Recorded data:

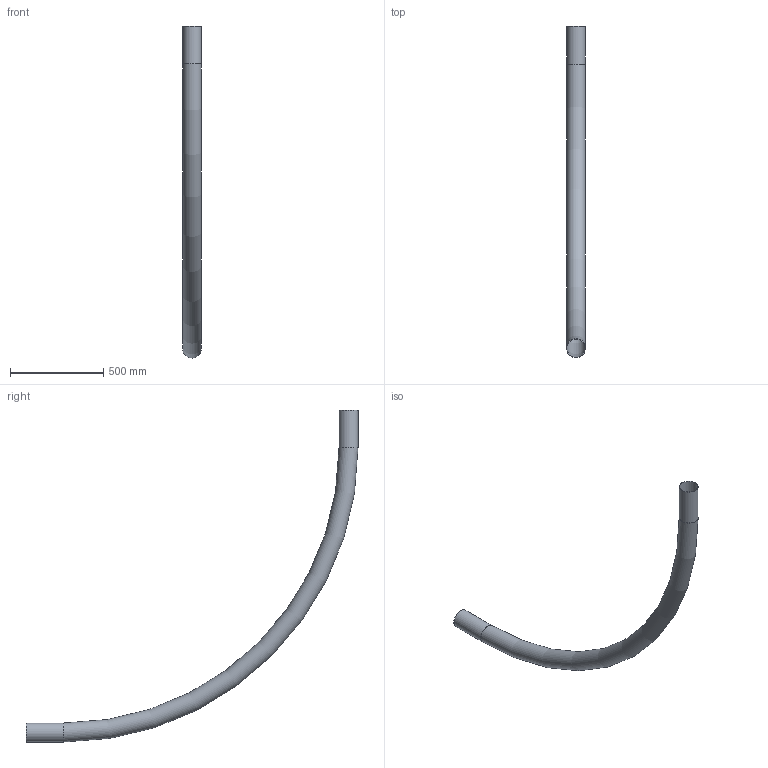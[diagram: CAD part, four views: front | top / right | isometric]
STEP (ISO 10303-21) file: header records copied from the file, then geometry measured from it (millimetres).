
FILE_DESCRIPTION(/* description */ (''),/* implementation_level */ '2;1');
FILE_NAME(/* name */ 'TB16GA46090.stp',/* time_stamp */ '2023-11-22T11:10:28-05:00',/* author */ ('Admin'),/* organization */ (''),/* preprocessor_version */ 'ST-DEVELOPER v19',/* originating_system */ 'Autodesk Inventor 2023',/* authorisation */ '');
FILE_SCHEMA (('AUTOMOTIVE_DESIGN { 1 0 10303 214 3 1 1 }'));
Length unit declared in the file: inch
Products named in the file (1): TB16GA46090
Bounding box: 101.6 x 1778 x 1778 mm (x, y, z)
Volume: 1407754.2 mm3; surface area: 1760478.3 mm2
Topology: 1 solids, 1 shells, 8 faces, 18 edges, 12 vertices
Faces by surface type: cylinder 4, torus 2, plane 2
Full cylindrical faces by diameter (mm): 98.4 x2, 101.6 x2
Entity records: 283 total; most frequent: DIRECTION 50, CARTESIAN_POINT 39, ORIENTED_EDGE 36, AXIS2_PLACEMENT_3D 23, EDGE_CURVE 18, CIRCLE 14, VERTEX_POINT 12, EDGE_LOOP 10

Exercise goal: Word for word, return the entries above, but without any pictures.

Solution for this problem:
[diagram: CAD part, four views: front | top / right | isometric]
STEP (ISO 10303-21) file: header records copied from the file, then geometry measured from it (millimetres).
FILE_DESCRIPTION(/* description */ (''),/* implementation_level */ '2;1');
FILE_NAME(/* name */ 'TB16GA46090.stp',/* time_stamp */ '2023-11-22T11:10:28-05:00',/* author */ ('Admin'),/* organization */ (''),/* preprocessor_version */ 'ST-DEVELOPER v19',/* originating_system */ 'Autodesk Inventor 2023',/* authorisation */ '');
FILE_SCHEMA (('AUTOMOTIVE_DESIGN { 1 0 10303 214 3 1 1 }'));
Length unit declared in the file: inch
Products named in the file (1): TB16GA46090
Bounding box: 101.6 x 1778 x 1778 mm (x, y, z)
Volume: 1407754.2 mm3; surface area: 1760478.3 mm2
Topology: 1 solids, 1 shells, 8 faces, 18 edges, 12 vertices
Faces by surface type: cylinder 4, torus 2, plane 2
Full cylindrical faces by diameter (mm): 98.4 x2, 101.6 x2
Entity records: 283 total; most frequent: DIRECTION 50, CARTESIAN_POINT 39, ORIENTED_EDGE 36, AXIS2_PLACEMENT_3D 23, EDGE_CURVE 18, CIRCLE 14, VERTEX_POINT 12, EDGE_LOOP 10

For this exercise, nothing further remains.